#### [Material for this exercise]
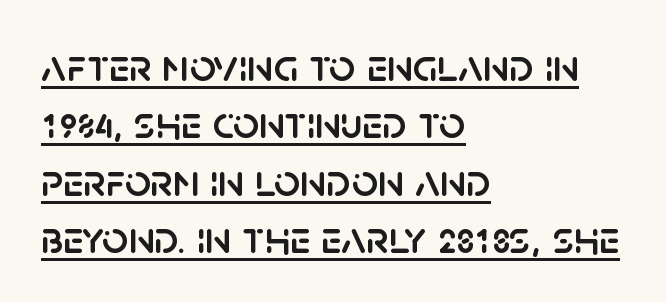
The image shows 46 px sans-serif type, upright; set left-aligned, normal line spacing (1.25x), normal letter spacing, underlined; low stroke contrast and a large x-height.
---
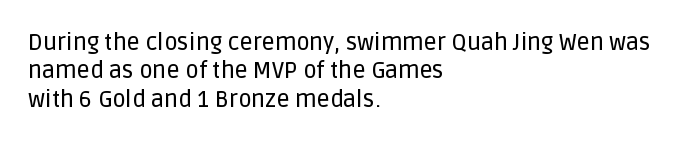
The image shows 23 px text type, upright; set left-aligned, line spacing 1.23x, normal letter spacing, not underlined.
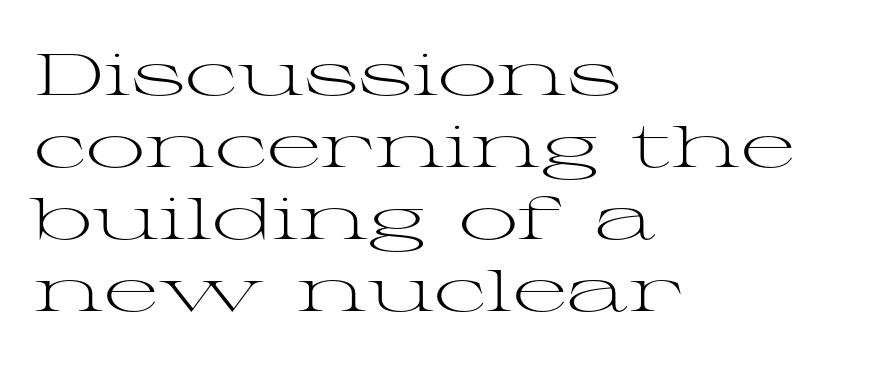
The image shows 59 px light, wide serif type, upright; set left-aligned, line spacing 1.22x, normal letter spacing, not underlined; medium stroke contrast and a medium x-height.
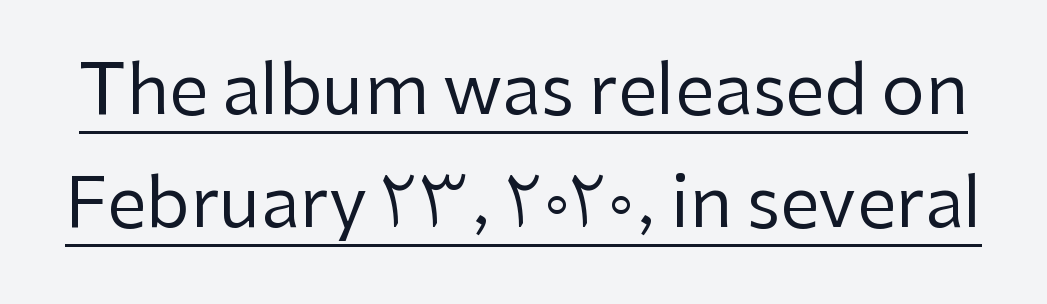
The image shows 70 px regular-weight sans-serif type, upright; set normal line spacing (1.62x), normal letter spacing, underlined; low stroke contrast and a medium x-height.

#### [Task description]
After locating the line containing "The image shows 23" in the entries above, return it and every line after it exactly, ending at the line containing "The image shows 70", without pictures.

#### [Answer below]
The image shows 23 px text type, upright; set left-aligned, line spacing 1.23x, normal letter spacing, not underlined.
The image shows 59 px light, wide serif type, upright; set left-aligned, line spacing 1.22x, normal letter spacing, not underlined; medium stroke contrast and a medium x-height.
The image shows 70 px regular-weight sans-serif type, upright; set normal line spacing (1.62x), normal letter spacing, underlined; low stroke contrast and a medium x-height.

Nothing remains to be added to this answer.